» **Your goal**
Skip the pictures, and retype the data below in full, exactly.

Stored items from a collection
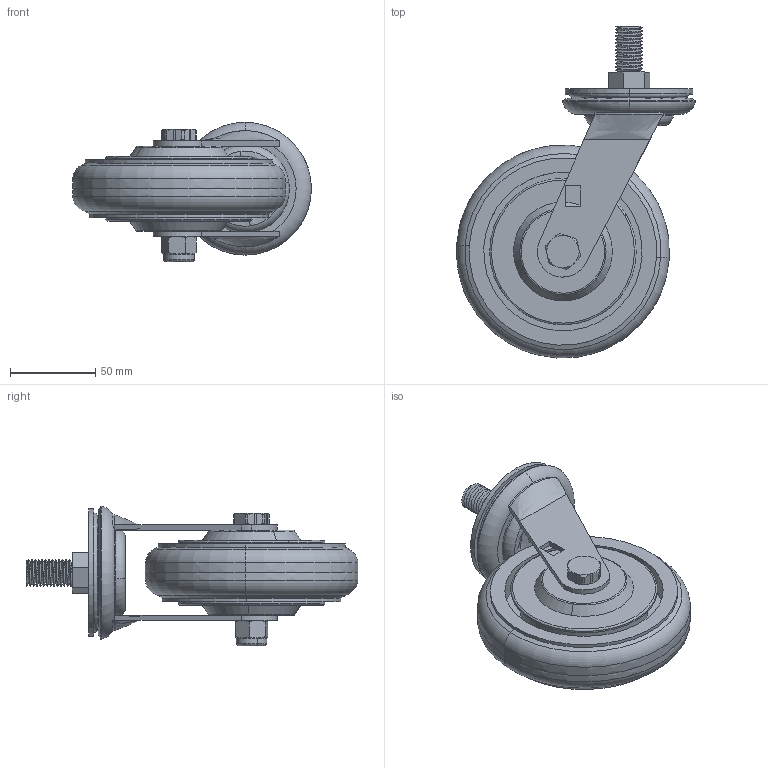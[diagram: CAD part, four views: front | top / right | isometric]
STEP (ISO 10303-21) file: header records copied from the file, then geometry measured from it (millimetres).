
FILE_DESCRIPTION (( 'STEP AP203' ), '1' );
FILE_NAME ('APC-5250 SS.step', '2018-08-16T07:59:53', ( '' ), ( '' ), 'SwSTEP 2.0', 'SolidWorks 2018', '' );
FILE_SCHEMA (( 'CONFIG_CONTROL_DESIGN' ));
Length unit declared in the file: millimetre
Products named in the file (10): APC-5250 WHEEL COVER; APC-5240SS TOP PLATE; APC-5250 WHEEL ASSAY; APC-5250 FRAME; APC-500 PIN; nylon nut (type1)_ks_KS B 1044 T1 - M12-N; APC-500 SS SHAFT; APC-5250 SS; APC-500 UNDER RING; APC-5250 WHEEL
Assembly tree (10 placements, depth 3):
  APC-5250 SS
    APC-5240SS TOP PLATE
    APC-5250 FRAME
    APC-500 UNDER RING
    APC-5250 WHEEL ASSAY
      APC-5250 WHEEL
      APC-5250 WHEEL COVER  x2
    APC-500 PIN
    nylon nut (type1)_ks_KS B 1044 T1 - M12-N
    APC-500 SS SHAFT
Bounding box: 140.25 x 194.85 x 81.9 mm (x, y, z)
Volume: 441706.2 mm3; surface area: 127625.6 mm2
Topology: 9 solids, 9 shells, 311 faces, 729 edges, 447 vertices
Faces by surface type: cylinder 115, plane 89, torus 50, cone 42, bspline 15
Entity records: 13442 total; most frequent: CARTESIAN_POINT 5799, ORIENTED_EDGE 1406, DIRECTION 1375, EDGE_CURVE 703, AXIS2_PLACEMENT_3D 574, VERTEX_POINT 431, EDGE_LOOP 326, ADVANCED_FACE 298
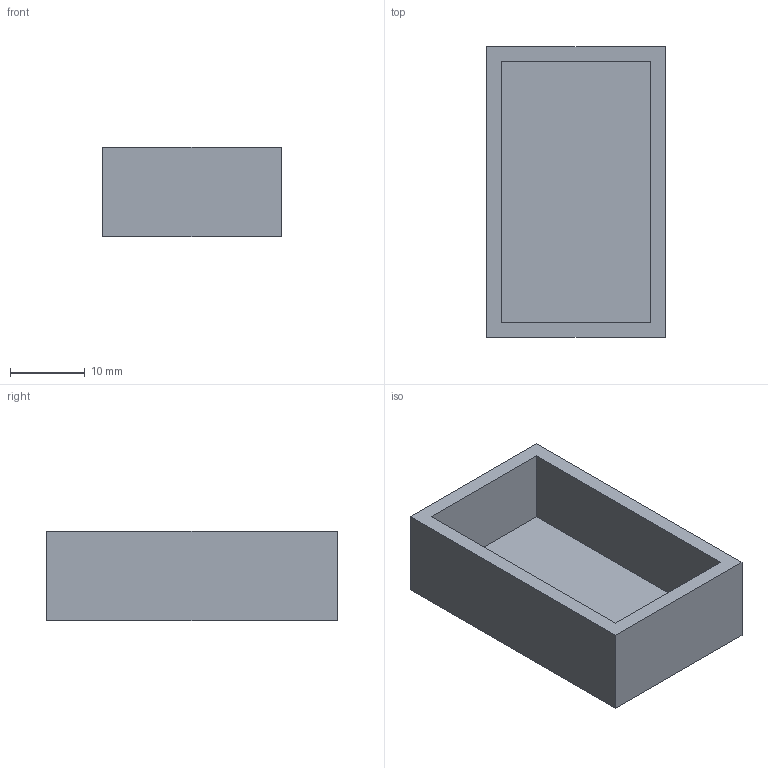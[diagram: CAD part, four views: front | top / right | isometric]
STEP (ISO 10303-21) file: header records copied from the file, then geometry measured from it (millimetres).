
FILE_DESCRIPTION(('FreeCAD Model'),'2;1');
FILE_NAME('rubberOnFoot.step','2018-08-24T06:17:21',('Author'),(''), 'Open CASCADE STEP processor 7.3','FreeCAD','Unknown');
FILE_SCHEMA(('AUTOMOTIVE_DESIGN { 1 0 10303 214 1 1 1 1 }'));
Length unit declared in the file: millimetre
Products named in the file (1): Foot
Bounding box: 24 x 39 x 12 mm (x, y, z)
Volume: 4232 mm3; surface area: 4484 mm2
Topology: 1 solids, 1 shells, 11 faces, 24 edges, 16 vertices
Faces by surface type: plane 11
Entity records: 631 total; most frequent: CARTESIAN_POINT 100, DIRECTION 96, LINE 72, VECTOR 72, ORIENTED_EDGE 48, PCURVE 48, DEFINITIONAL_REPRESENTATION 48, EDGE_CURVE 24
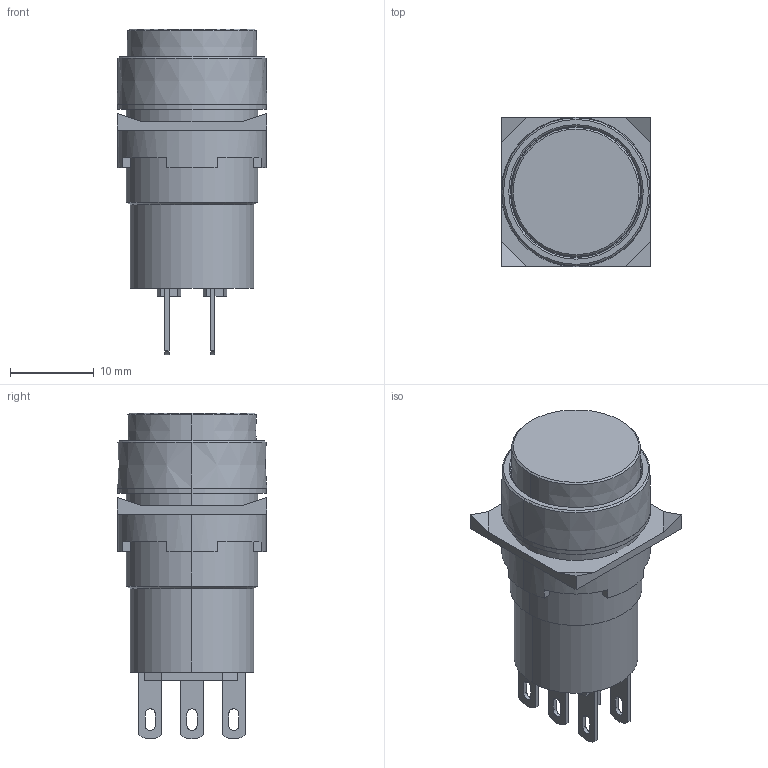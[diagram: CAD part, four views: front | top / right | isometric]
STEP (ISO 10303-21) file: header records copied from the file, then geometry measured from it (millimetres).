
FILE_DESCRIPTION (( 'STEP AP214' ), '1' );
FILE_NAME ('18_AB6M-[M][A]x(P)$.STEP', '2021-03-26T06:15:10', ( 'IDEC' ), ( 'IDEC' ), 'SwSTEP 2.0', 'SolidWorks 2019', '' );
FILE_SCHEMA (( 'AUTOMOTIVE_DESIGN' ));
Length unit declared in the file: millimetre
Products named in the file (4): 16-NUT-SET; A6-Nonill-Body; 18_AB6M-[M][A]x(P)$; A6-Operator-Round
Assembly tree (3 placements, depth 2):
  18_AB6M-[M][A]x(P)$
    A6-Nonill-Body
    A6-Operator-Round
    16-NUT-SET
Bounding box: 17.9 x 17.9 x 39 mm (x, y, z)
Volume: 6557.2 mm3; surface area: 3692.9 mm2
Topology: 3 solids, 3 shells, 147 faces, 392 edges, 258 vertices
Faces by surface type: plane 99, cylinder 36, cone 12
Entity records: 4754 total; most frequent: DIRECTION 804, CARTESIAN_POINT 803, ORIENTED_EDGE 784, EDGE_CURVE 392, LINE 286, VECTOR 286, AXIS2_PLACEMENT_3D 259, VERTEX_POINT 258

» **Response area**
[diagram: CAD part, four views: front | top / right | isometric]
STEP (ISO 10303-21) file: header records copied from the file, then geometry measured from it (millimetres).
FILE_DESCRIPTION (( 'STEP AP203' ), '1' );
FILE_NAME ('APC-5250 SS.step', '2018-08-16T07:59:53', ( '' ), ( '' ), 'SwSTEP 2.0', 'SolidWorks 2018', '' );
FILE_SCHEMA (( 'CONFIG_CONTROL_DESIGN' ));
Length unit declared in the file: millimetre
Products named in the file (10): APC-5250 WHEEL COVER; APC-5240SS TOP PLATE; APC-5250 WHEEL ASSAY; APC-5250 FRAME; APC-500 PIN; nylon nut (type1)_ks_KS B 1044 T1 - M12-N; APC-500 SS SHAFT; APC-5250 SS; APC-500 UNDER RING; APC-5250 WHEEL
Assembly tree (10 placements, depth 3):
  APC-5250 SS
    APC-5240SS TOP PLATE
    APC-5250 FRAME
    APC-500 UNDER RING
    APC-5250 WHEEL ASSAY
      APC-5250 WHEEL
      APC-5250 WHEEL COVER  x2
    APC-500 PIN
    nylon nut (type1)_ks_KS B 1044 T1 - M12-N
    APC-500 SS SHAFT
Bounding box: 140.25 x 194.85 x 81.9 mm (x, y, z)
Volume: 441706.2 mm3; surface area: 127625.6 mm2
Topology: 9 solids, 9 shells, 311 faces, 729 edges, 447 vertices
Faces by surface type: cylinder 115, plane 89, torus 50, cone 42, bspline 15
Entity records: 13442 total; most frequent: CARTESIAN_POINT 5799, ORIENTED_EDGE 1406, DIRECTION 1375, EDGE_CURVE 703, AXIS2_PLACEMENT_3D 574, VERTEX_POINT 431, EDGE_LOOP 326, ADVANCED_FACE 298
[diagram: CAD part, four views: front | top / right | isometric]
STEP (ISO 10303-21) file: header records copied from the file, then geometry measured from it (millimetres).
FILE_DESCRIPTION(('FreeCAD Model'),'2;1');
FILE_NAME('rubberOnFoot.step','2018-08-24T06:17:21',('Author'),(''), 'Open CASCADE STEP processor 7.3','FreeCAD','Unknown');
FILE_SCHEMA(('AUTOMOTIVE_DESIGN { 1 0 10303 214 1 1 1 1 }'));
Length unit declared in the file: millimetre
Products named in the file (1): Foot
Bounding box: 24 x 39 x 12 mm (x, y, z)
Volume: 4232 mm3; surface area: 4484 mm2
Topology: 1 solids, 1 shells, 11 faces, 24 edges, 16 vertices
Faces by surface type: plane 11
Entity records: 631 total; most frequent: CARTESIAN_POINT 100, DIRECTION 96, LINE 72, VECTOR 72, ORIENTED_EDGE 48, PCURVE 48, DEFINITIONAL_REPRESENTATION 48, EDGE_CURVE 24
[diagram: CAD part, four views: front | top / right | isometric]
STEP (ISO 10303-21) file: header records copied from the file, then geometry measured from it (millimetres).
FILE_DESCRIPTION (( 'STEP AP214' ), '1' );
FILE_NAME ('18_AB6M-[M][A]x(P)$.STEP', '2021-03-26T06:15:10', ( 'IDEC' ), ( 'IDEC' ), 'SwSTEP 2.0', 'SolidWorks 2019', '' );
FILE_SCHEMA (( 'AUTOMOTIVE_DESIGN' ));
Length unit declared in the file: millimetre
Products named in the file (4): 16-NUT-SET; A6-Nonill-Body; 18_AB6M-[M][A]x(P)$; A6-Operator-Round
Assembly tree (3 placements, depth 2):
  18_AB6M-[M][A]x(P)$
    A6-Nonill-Body
    A6-Operator-Round
    16-NUT-SET
Bounding box: 17.9 x 17.9 x 39 mm (x, y, z)
Volume: 6557.2 mm3; surface area: 3692.9 mm2
Topology: 3 solids, 3 shells, 147 faces, 392 edges, 258 vertices
Faces by surface type: plane 99, cylinder 36, cone 12
Entity records: 4754 total; most frequent: DIRECTION 804, CARTESIAN_POINT 803, ORIENTED_EDGE 784, EDGE_CURVE 392, LINE 286, VECTOR 286, AXIS2_PLACEMENT_3D 259, VERTEX_POINT 258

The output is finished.